> [PROBLEM REQUIREMENTS]
Although the records contain pictures, print none of them; print exactly the lines from the one with "Text: મોરચા" through the last line.
====== SUPPLIED MATERIAL ======
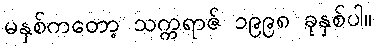
မနှစ်ကတော့ သက္ကရာဇ် ၁၉၉၈ ခုနှစ်ပါ။
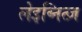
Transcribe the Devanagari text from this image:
लेइब्नित्ज़
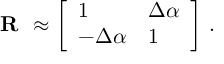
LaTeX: { \mathbf { R _ { \Delta \alpha } } } \approx \left[ \begin{array} { l l } { { 1 } } & { { \Delta \alpha } } \\ { { - \Delta \alpha } } & { { 1 } } \end{array} \right] \, .
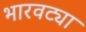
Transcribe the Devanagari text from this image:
भारवट्या
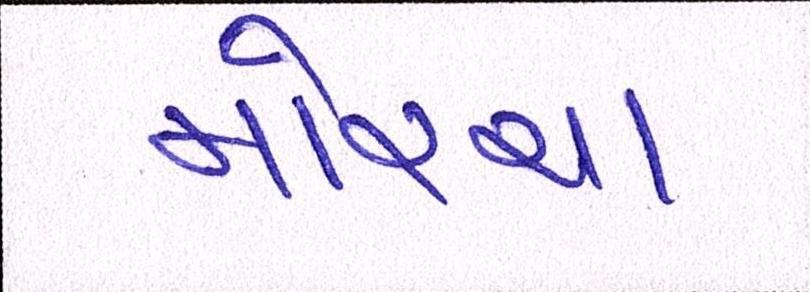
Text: મોરચા
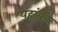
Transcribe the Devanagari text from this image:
यहांकी
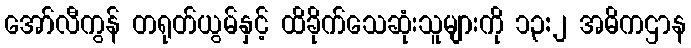
အော်လီကွန် တရုတ်ယွမ်နှင့် ထိခိုက်သေဆုံးသူများကို ၁၃:၂ အဓိကဌာန
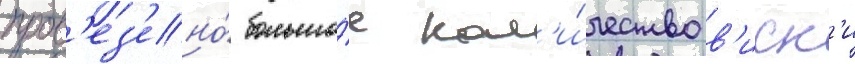
пров'ез'ено́ большо́е кол'и́чество в'иск'и
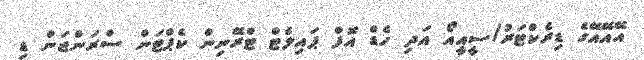
އޭއޭއޭގެ ޑިރެކްޓަރު/ސީއީއޯ އަދި ހެޑް އޮފް ޕައިލެޓް ޓްރޭނިން ކެޕްޓަން ސްރަންޖަން ޑި
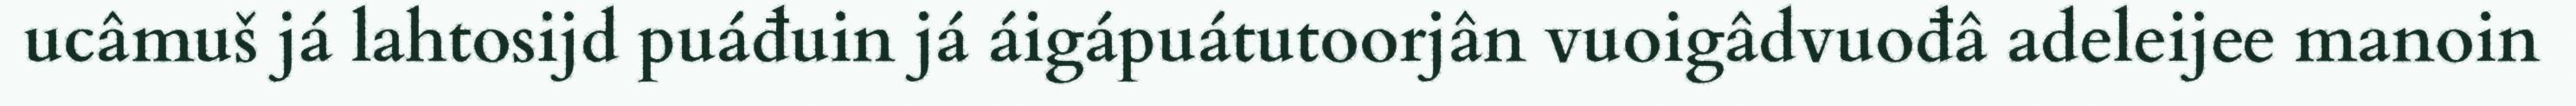
ucâmuš já lahtosijd puáđuin já áigápuátutoorjân vuoigâdvuođâ adeleijee manoin
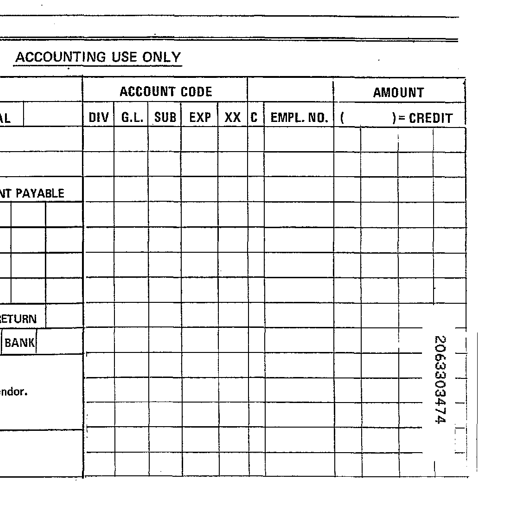
ACCOUNTING USE ONLY

ACCOUNT CODE
AMOUNT

AL DIV G.L. SUB EXP XX C EMPL. NO. ( ) = CREDIT

NT PAYABLE

ETURN
BANK 2063303474

ndor.
======
> [WRITTEN REPLY]
Text: મોરચા
Transcribe the Devanagari text from this image:
यहांकी
အော်လီကွန် တရုတ်ယွမ်နှင့် ထိခိုက်သေဆုံးသူများကို ၁၃:၂ အဓိကဌာန
пров'ез'ено́ большо́е кол'и́чество в'иск'и
އޭއޭއޭގެ ޑިރެކްޓަރު/ސީއީއޯ އަދި ހެޑް އޮފް ޕައިލެޓް ޓްރޭނިން ކެޕްޓަން ސްރަންޖަން ޑި
ucâmuš já lahtosijd puáđuin já áigápuátutoorjân vuoigâdvuođâ adeleijee manoin
ACCOUNTING USE ONLY

ACCOUNT CODE
AMOUNT

AL DIV G.L. SUB EXP XX C EMPL. NO. ( ) = CREDIT

NT PAYABLE

ETURN
BANK 2063303474

ndor.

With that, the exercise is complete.